From education to employment

250k suspensions from schools in just one term breaks all records

kids in class
  • Record 135,000 kids suspended in a single term
  • Over one million days of education are lost to suspension in the school year
  • Over a quarter of Local Authorities responding to FOI request cannot meet their duty for excluded or suspended pupils  

School suspensions have hit record levels with nearly a quarter of a million suspensions from school in the 2022 Autumn term affecting 135,000 children and young people. 

The new IntegratED annual report exposes the hidden crisis of school exclusions and suspensions, with local authorities struggling to meet rising levels of need. 

Centre for Social Justice (CSJ) analysis of the latest Department for Education (DfE) data released shows that 3,104 pupils were permanently excluded in Autumn term 2022. Permanent exclusion rates are nearly back to pre-pandemic highs. Suspensions, meanwhile, are at record levels, with 247,400 suspensions in Autumn term 2022. In total, over the 2021/22 academic year, over one million days of education were lost to suspensions.

Outcomes for excluded children are incredibly poor. Only 4.6 percent of pupils who finished Key Stage 4 in state-funded AP schools achieved a grade 4 or higher in their Maths and English GCSE, compared to 64.8 per cent of their peers, with long lasting implications for their job prospects.

When a child is permanently excluded, there is a statutory duty on the local authority to provide them with a suitable full-time alternative education from day six of their exclusion. Often, this involves enrolling a child in a Pupil Referral Unit (PRU). With exclusion rates increasing, pressure is being put on PRUs, raising questions about the quality of education excluded children receive.

The CSJ is a partner in IntegratED, a partnership of 24 organisations seeking to reduce preventable school exclusions and improve the quality of education for children excluded from school.  The new IntegratED annual report highlights the scale of the growing crisis. Over a quarter of the local authorities that responded to the CSJ’s FOI request said their Pupil Referral Units were operating beyond capacity.  In the summer of 2023, there were over 800 more pupils enrolled in PRUs than there were places. In one local authority, the number of pupils enrolled in PRUs was nearly three times more than the total number of places.

Shockingly, fewer than half of local authorities (44 per cent) that responded were able to confirm that they still have capacity within their PRUs. Meanwhile, over a quarter (29 per cent) reported exceeding or equally capacity. A similar number (27 per cent) were unable to return capacity or enrolment figures at all. Of the 100 Local Authorities with PRUs, 89 replied.

 Andy Carter MP, Chair of the APPG on School Exclusion and Alternative Provision said:

“Exclusions have increased since the pandemic lull and suspensions have hit a record high. As the devastating impact of the pandemic continues to blight our children’s lives, ensuring every child is able to access a high-quality education that meets their educational, social and emotional needs should be the mission of every one of us.”

 Beth Prescott, Senior Researcher at the Centre for Social Justice, commented:

“We are very concerned that many Pupil Referral Units across England are now operating beyond capacity, with demand driven by rising numbers of exclusions. While some continue to do a fantastic job supporting some of the most vulnerable children, this will naturally take its toll on their ability to offer appropriate provision to the children in their care.

“Capacity pressures are particularly concerning given that children being educated in alternative provision, such as PRUs, are typically more vulnerable.

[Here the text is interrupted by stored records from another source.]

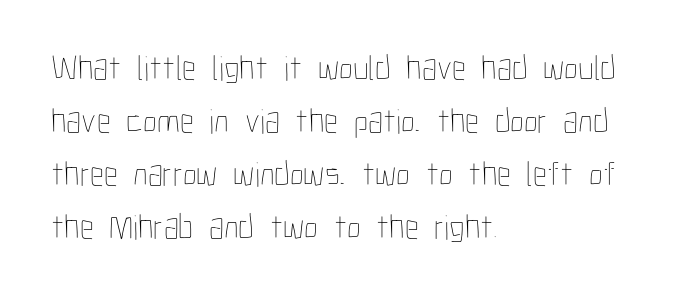
You could not count columns in this text — the font is proportionally spaced. Is the block centered? No — it sits flush against the left margin. Bold? No — there's no thickening of the strokes. The glyphs are unaccompanied by any horizontal stroke below them. Summary of vertical rhythm: regular, with standard interline spacing. The letters stand upright; this is a roman face.
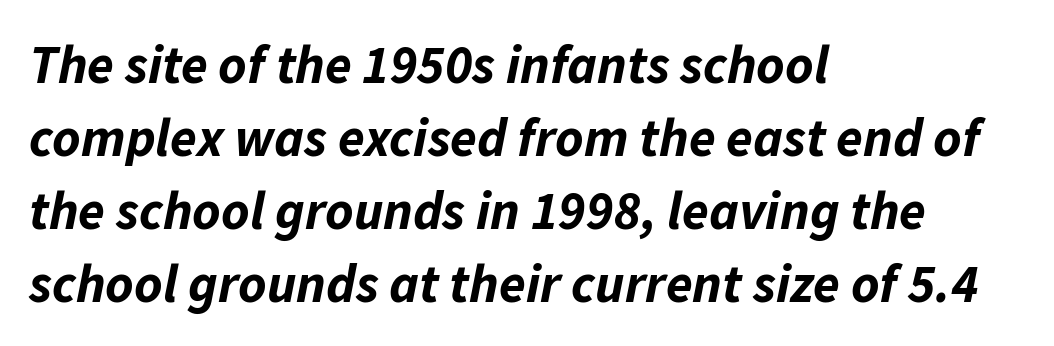
Q: Is the text bold? A: Yes.
Q: Is the text italic (slanted)? A: Yes, it leans right by about 11 degrees.
Q: Is the text underlined? A: No.
Q: How is the paragraph aligned? A: Left-aligned.
Q: Is the spacing between letters normal or unusually wide? A: Normal.
Q: Is the spacing between lines tight, normal or loose? A: Normal.
Q: Width (condensed, normal, or wide)? A: Normal.
Q: Stroke contrast? A: Low.
Q: x-height? A: Medium.
Q: Monospaced? A: No.
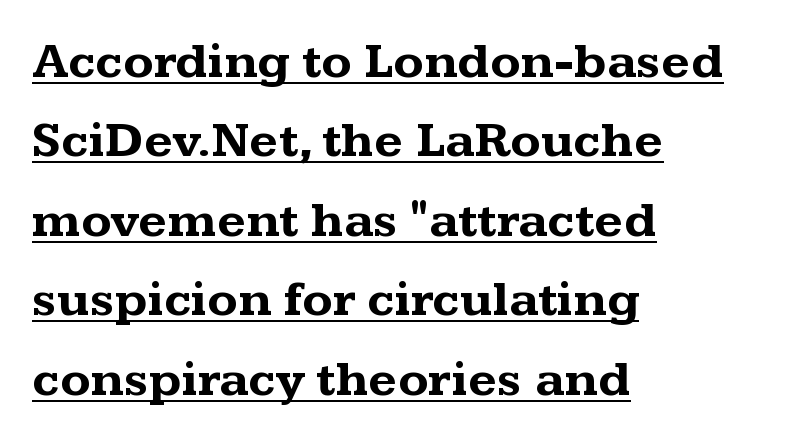
Q: Is the text bold? A: Yes.
Q: Is the text italic (slanted)? A: No, it is upright.
Q: Is the typeface a serif or a sans-serif typeface? A: Serif.
Q: Is the text underlined? A: Yes.
Q: How is the paragraph aligned? A: Left-aligned.
Q: Is the spacing between letters normal or unusually wide? A: Normal.
Q: Is the spacing between lines tight, normal or loose? A: Normal.
Q: Width (condensed, normal, or wide)? A: Wide.
Q: Stroke contrast? A: Medium.
Q: x-height? A: Medium.
Q: Monospaced? A: No.
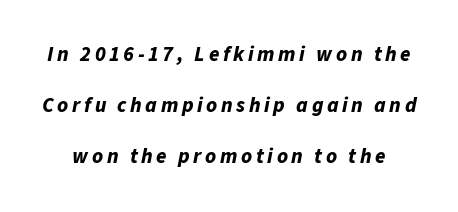
Q: Is the text bold? A: Yes.
Q: Is the text italic (slanted)? A: Yes, it leans right by about 11 degrees.
Q: Is the text underlined? A: No.
Q: Is the spacing between lines tight, normal or loose? A: Loose.
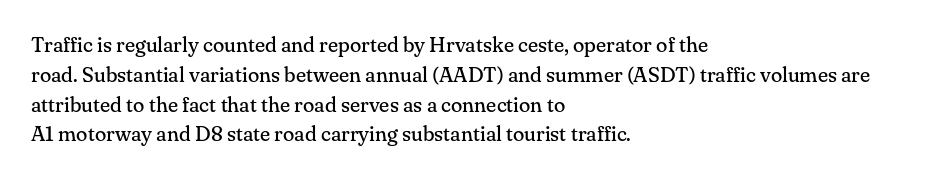
The image shows 21 px text type, upright; set left-aligned, normal line spacing (1.42x), normal letter spacing, not underlined.

“The impact of the pandemic lockdowns on many of our children’s education has been a disaster.  We have seen record rates of severe school absence, mental ill health, and now suspensions.  We know that these issues affect disadvantaged and vulnerable children the worst and evidence suggests there are links between a disruptive education, crime, social disfunction and job prospects.”

“The Centre for Social Justice continues to call for the government to do all it can to reduce preventable school exclusions and improve the quality of alternative provision education – ensuring every child receives the support and appropriate education setting they need to thrive both now and into later life.”

Sector Response

Bridget Phillipson MP, Labour’s Shadow Education Secretary, said:

“These staggering figures show that the Conservative government has taken its eye off the ball after the pandemic, and it should come as no surprise given that Rishi Sunak as Chancellor said that the government had “maxed out” on children’s recovery programmes.

“The Prime Minister’s answer to the growing problems of poor behaviour, the crumbling concrete scandal, the lack of Special Educational Needs provision and historic levels of persistent absence is an ill-thought out reform of A levels which neither schools, families nor young people want.

“Only Labour has a plan to deliver the high and rising standards parents want to see in our schools and fixing the mess that thirteen years of Conservative government has caused in our education system.”